═════ DATA PROVIDED

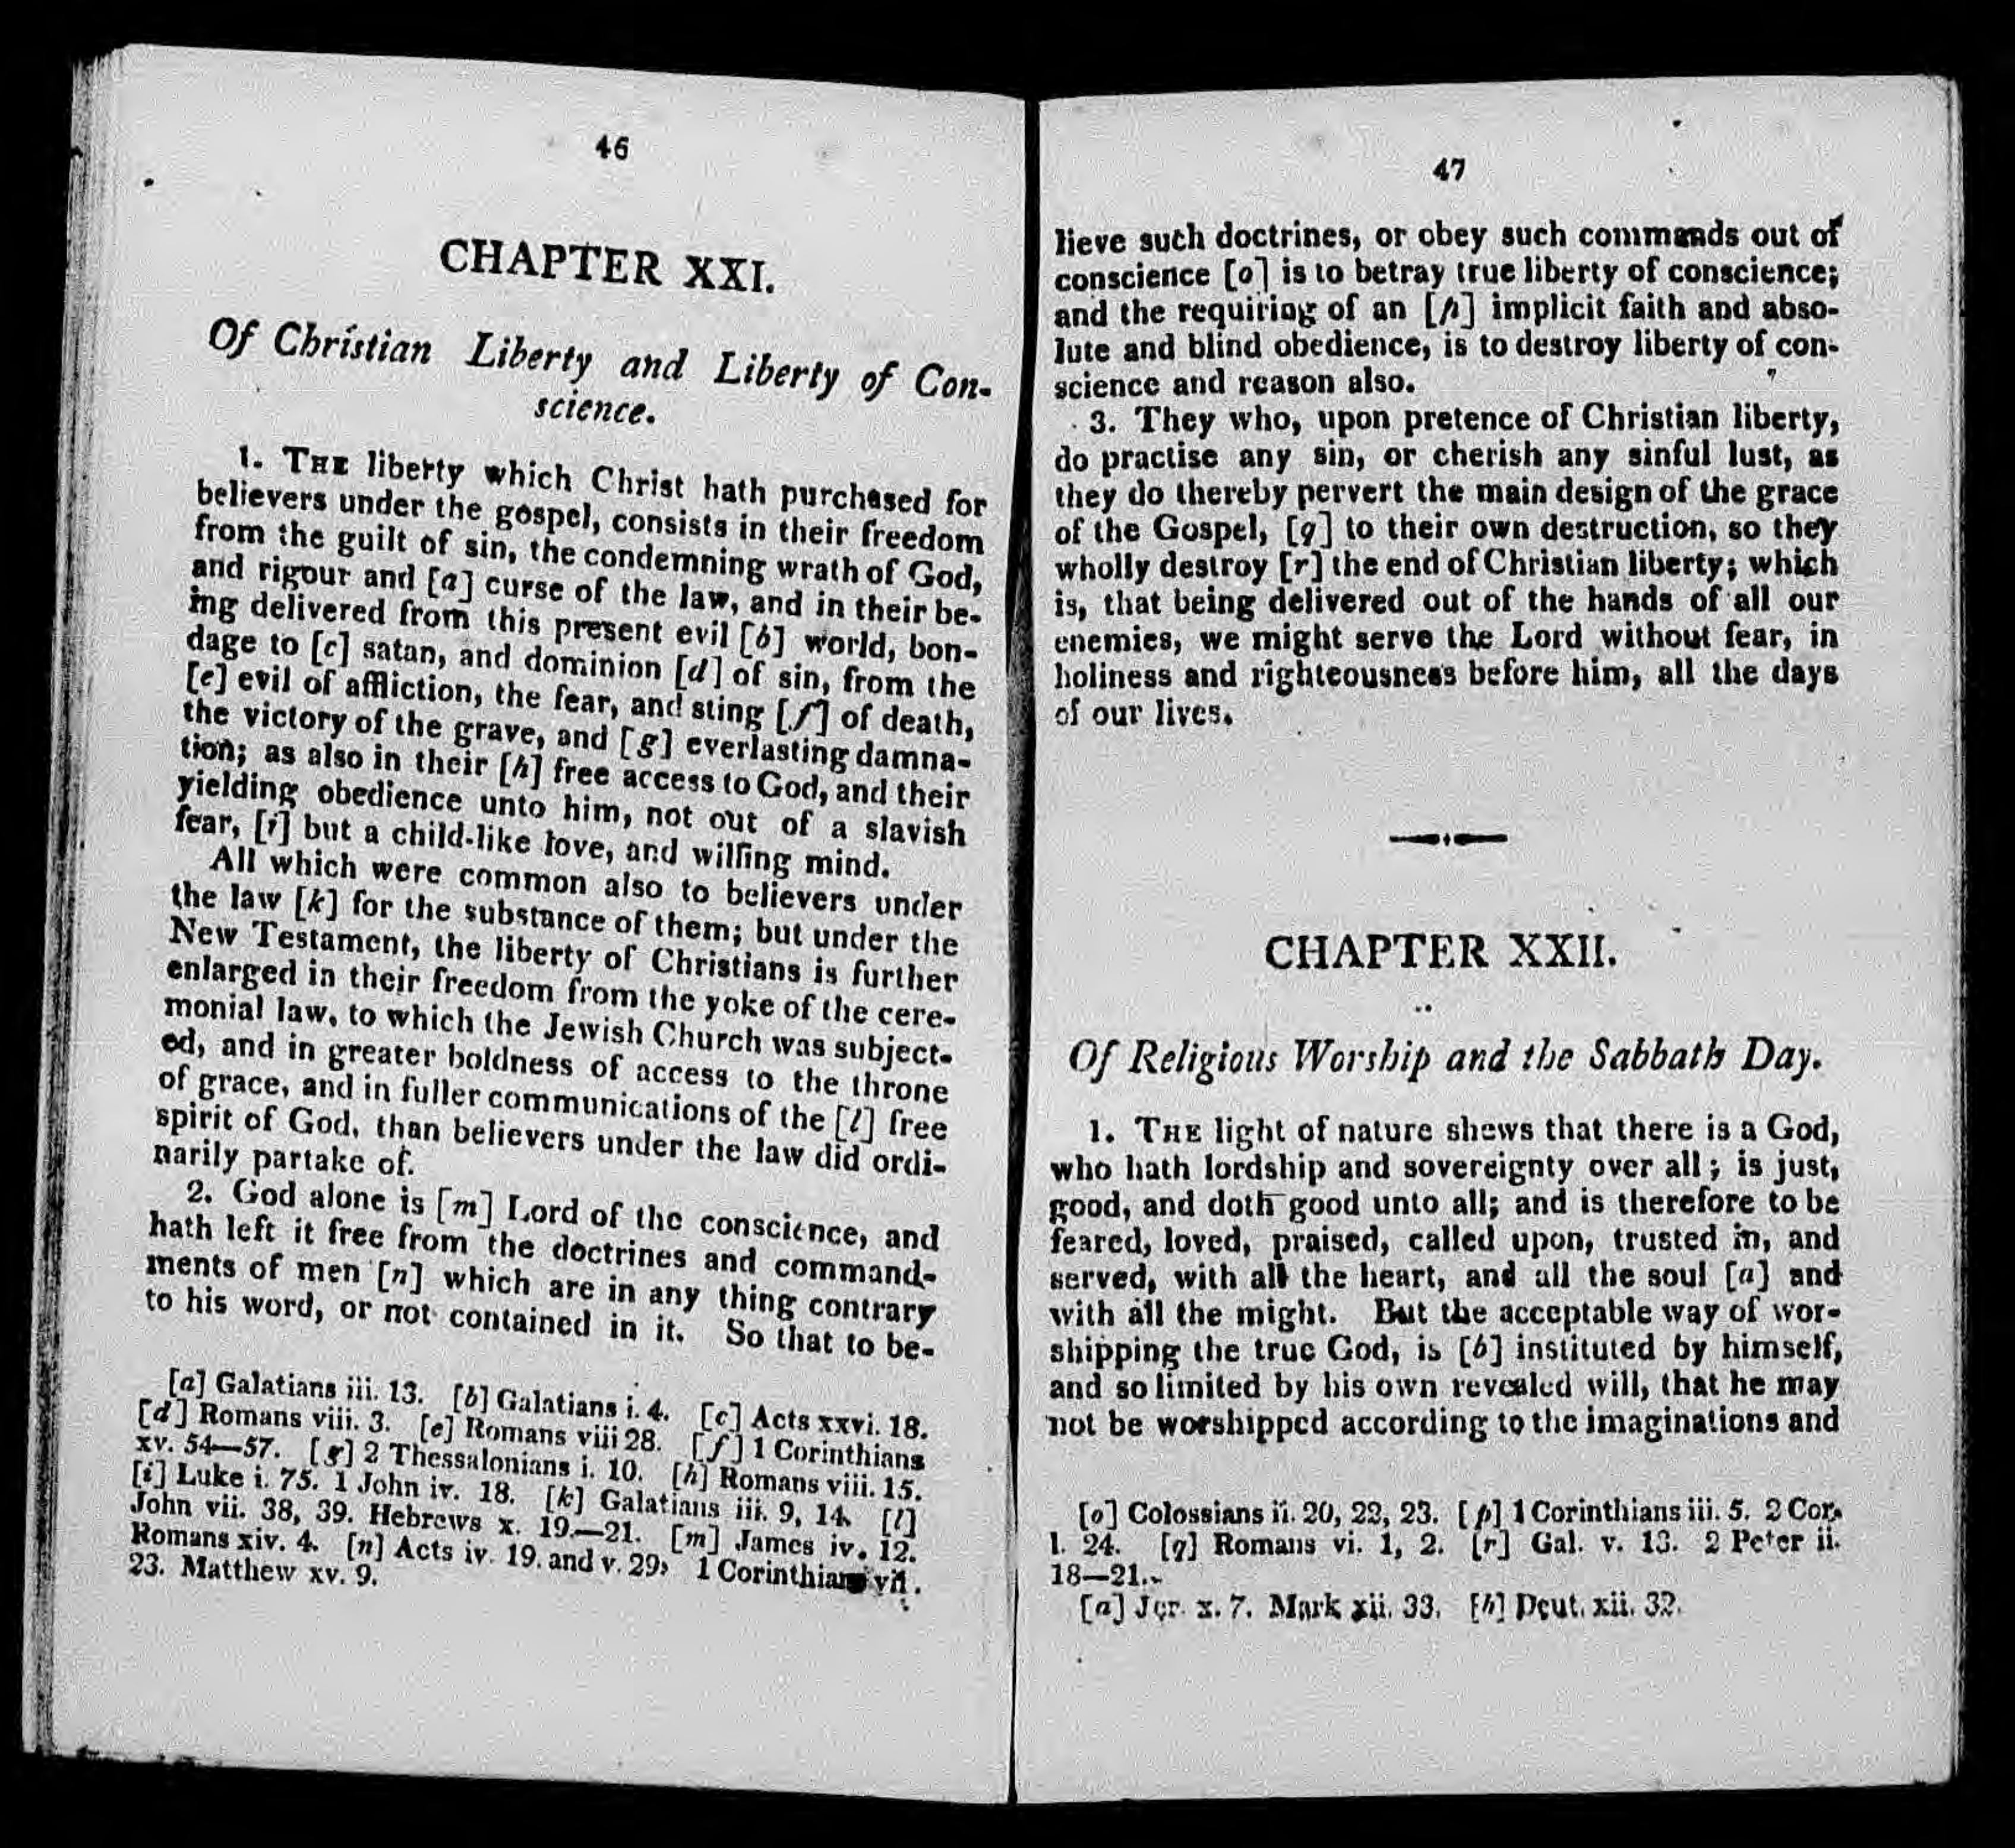46
CHAPTER XXI.
Of Christian Liberty and Liberty of Con
Science.
1. The liberty which Christ hath purchased for
believers under the gospel, consists in their freedom
from the guilt of sin, the condemning wrath of God,
and rigour and [a] curse of the law, and in their being
delivered from this present evil [b] world, bondage
to [c] satan, and dominion of sin, from the
evil of affiction, the fear, and sting [f]of death,
the victory of the grave, and [g] everlasting damnation; as also in their [h] free access to God, and their
wielding obedience unto him, not out of a slavish
fear[i] , but a child-like love, and willing mind.
All which were common also to believers under the
law [k] for the substance of them; but under the
New Testament, the liberty of Christians is further
enlarged in their freedom from the yoke of the ceremonial
law, to which the Jewish Church was subject.
ed, and in greater boldness of access to the throne
of grace, and in fuller communications of the [l] free
spirit of God, than believers under the law did ordinarily
partake of
2. God alone is [m] Lord of the conscience, and
hath left it free from the doctrines and commandments
of men [n] which are in any thing contrary
to his word, or or contained in it. So that to be

[a] Galatians iii. 13. [b] Galatians i.4. [c] Acts xxvi. 18.
[d] Romans viii 3. [e] Romans viii: 28. [f] Corinthians . xv 54 -57 [g] Thessalonians i. 10. [h] Romans viii. 15.
[i] Luke i 75. John iv. 18. ) Galatians it 9, 14
John vii, 38, 39, Hebrews x. 19-21.[m] James iv. 12.
Romans xiv. 4  [n] Acts iv. 19 and  v. 29 1 Corinthians vii. 23. Matthew xv. 9.

47
lieve such doctrines, or obey such commands out of conscience [o] is to betray true liberty of conscience; and the requiring of an [p] implicit faith and absolute
and blind obedience, is to destroy liberty of conscience
and reason also.
3. They who, upon pretence of Christian liberty,
do practise any sin, or cherish any sinful lust, as
they do thereby pervert the main design of the grace
of the Gospel,  [q] as to their own destruction, so they
wholly destroy [r] the end of Christian liberty; which
is, that being delivered out of the hands of all our
enemies, we might serve the Lord without fear, in
holiness and righteousness before him, all the days
of our lives.
CHAPTER XXII.
Of Religious Worship and the Sabbath Day
1. THE light of nature shows that there is a God,
who hath lordship and sovereignty over all, is just
good, and doth good unto all; and is therefore to be
feared, loved, praised, called upon trusted in, and
served, with all the heart, and all the soul [a] and
with all the might. But the acceptable way of worshipping
the true God, is [b] instituted by himself,
and so limited by his own revealed will, that he may
not be worshipped according to the imaginations and
[o] Colossians ii. 20, 22, 23. [p] 1 Corinthians iii. 5, 2 Cor-
1. 24. [q] Romans vi. 1, 2. [r] Gal. v. 13. 2 Peter ii 
18 -- 21.
[a] Jer. x. 7 Mark xii. 33. [h] Deut. xii. 32.

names: John, Matthew, Peter, James, Jer, Mark, John, Luke
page: 35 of 98
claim: widow's
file: W. 8398, William Broadway, S.C.

══════════

- TO DO: Quote the records above exactly, leaving out any pictures.

- ANSWER SECTION:
46
CHAPTER XXI.
Of Christian Liberty and Liberty of Con
Science.
1. The liberty which Christ hath purchased for
believers under the gospel, consists in their freedom
from the guilt of sin, the condemning wrath of God,
and rigour and [a] curse of the law, and in their being
delivered from this present evil [b] world, bondage
to [c] satan, and dominion of sin, from the
evil of affiction, the fear, and sting [f]of death,
the victory of the grave, and [g] everlasting damnation; as also in their [h] free access to God, and their
wielding obedience unto him, not out of a slavish
fear[i] , but a child-like love, and willing mind.
All which were common also to believers under the
law [k] for the substance of them; but under the
New Testament, the liberty of Christians is further
enlarged in their freedom from the yoke of the ceremonial
law, to which the Jewish Church was subject.
ed, and in greater boldness of access to the throne
of grace, and in fuller communications of the [l] free
spirit of God, than believers under the law did ordinarily
partake of
2. God alone is [m] Lord of the conscience, and
hath left it free from the doctrines and commandments
of men [n] which are in any thing contrary
to his word, or or contained in it. So that to be

[a] Galatians iii. 13. [b] Galatians i.4. [c] Acts xxvi. 18.
[d] Romans viii 3. [e] Romans viii: 28. [f] Corinthians . xv 54 -57 [g] Thessalonians i. 10. [h] Romans viii. 15.
[i] Luke i 75. John iv. 18. ) Galatians it 9, 14
John vii, 38, 39, Hebrews x. 19-21.[m] James iv. 12.
Romans xiv. 4  [n] Acts iv. 19 and  v. 29 1 Corinthians vii. 23. Matthew xv. 9.

47
lieve such doctrines, or obey such commands out of conscience [o] is to betray true liberty of conscience; and the requiring of an [p] implicit faith and absolute
and blind obedience, is to destroy liberty of conscience
and reason also.
3. They who, upon pretence of Christian liberty,
do practise any sin, or cherish any sinful lust, as
they do thereby pervert the main design of the grace
of the Gospel,  [q] as to their own destruction, so they
wholly destroy [r] the end of Christian liberty; which
is, that being delivered out of the hands of all our
enemies, we might serve the Lord without fear, in
holiness and righteousness before him, all the days
of our lives.
CHAPTER XXII.
Of Religious Worship and the Sabbath Day
1. THE light of nature shows that there is a God,
who hath lordship and sovereignty over all, is just
good, and doth good unto all; and is therefore to be
feared, loved, praised, called upon trusted in, and
served, with all the heart, and all the soul [a] and
with all the might. But the acceptable way of worshipping
the true God, is [b] instituted by himself,
and so limited by his own revealed will, that he may
not be worshipped according to the imaginations and
[o] Colossians ii. 20, 22, 23. [p] 1 Corinthians iii. 5, 2 Cor-
1. 24. [q] Romans vi. 1, 2. [r] Gal. v. 13. 2 Peter ii 
18 -- 21.
[a] Jer. x. 7 Mark xii. 33. [h] Deut. xii. 32.

names: John, Matthew, Peter, James, Jer, Mark, John, Luke
page: 35 of 98
claim: widow's
file: W. 8398, William Broadway, S.C.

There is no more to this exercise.